## [THE TASK]
The complete listing goes into the output exactly, without its pictures.

======== INFORMATION GIVEN ========

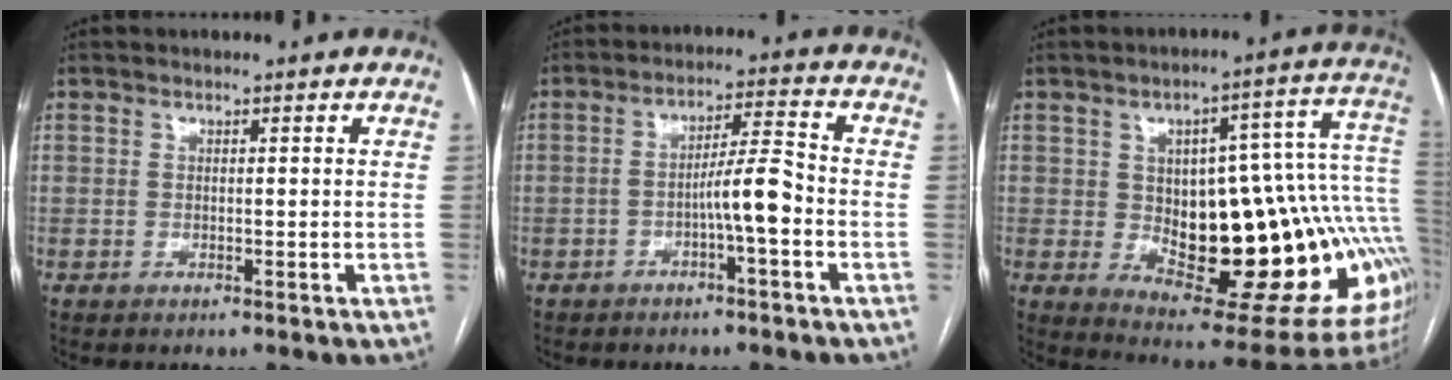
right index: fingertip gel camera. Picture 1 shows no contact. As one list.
[{"total": 6.2, "force": [-2.1, 0.2, 5.8], "torque": [-0.101, 0.014, -0.034]}, {"total": 28.7, "force": [-2.1, 9.9, 26.8], "torque": [-0.277, 0.034, -0.004]}]
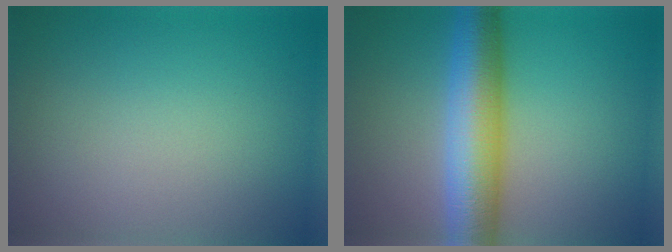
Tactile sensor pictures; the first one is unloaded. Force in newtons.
{"total": 8.2, "press": 8.2, "slide": 0.2}
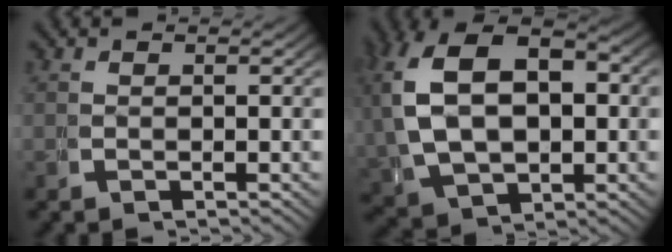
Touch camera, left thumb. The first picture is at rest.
{"total": 11.7, "force": [1.1, 8.1, 8.3], "torque": [-0.180, -0.027, 0.041]}
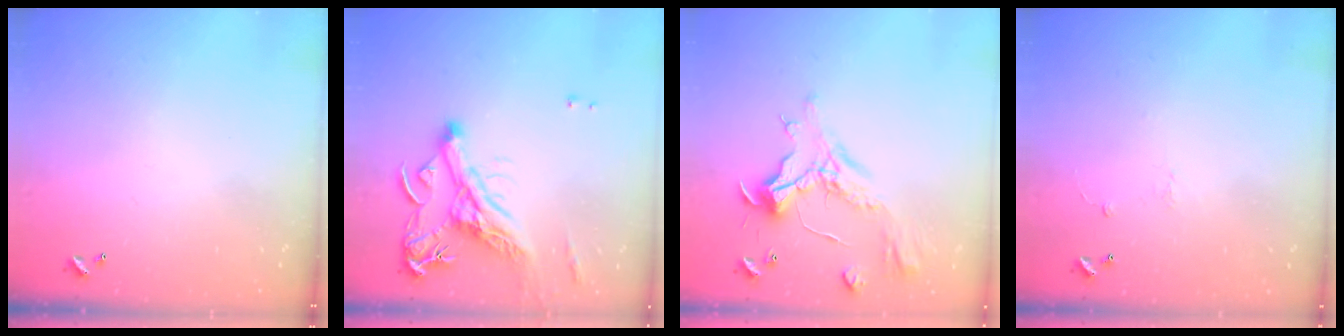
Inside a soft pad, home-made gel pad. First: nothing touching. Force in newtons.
{"total": 6.7, "press": 6.5, "slide": 1.4}
{"total": 1.1, "press": 0.5, "slide": 1.0}
{"total": 0.7, "press": 0.2, "slide": 0.7}
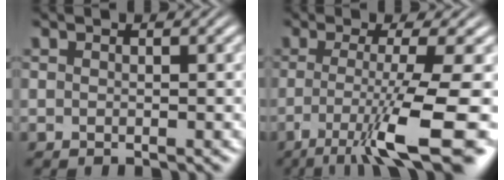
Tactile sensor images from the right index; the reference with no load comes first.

========

## [TASK OUTPUT]
right index: fingertip gel camera. Picture 1 shows no contact. As one list.
[{"total": 6.2, "force": [-2.1, 0.2, 5.8], "torque": [-0.101, 0.014, -0.034]}, {"total": 28.7, "force": [-2.1, 9.9, 26.8], "torque": [-0.277, 0.034, -0.004]}]
Tactile sensor pictures; the first one is unloaded. Force in newtons.
{"total": 8.2, "press": 8.2, "slide": 0.2}
Touch camera, left thumb. The first picture is at rest.
{"total": 11.7, "force": [1.1, 8.1, 8.3], "torque": [-0.180, -0.027, 0.041]}
Inside a soft pad, home-made gel pad. First: nothing touching. Force in newtons.
{"total": 6.7, "press": 6.5, "slide": 1.4}
{"total": 1.1, "press": 0.5, "slide": 1.0}
{"total": 0.7, "press": 0.2, "slide": 0.7}
Tactile sensor images from the right index; the reference with no load comes first.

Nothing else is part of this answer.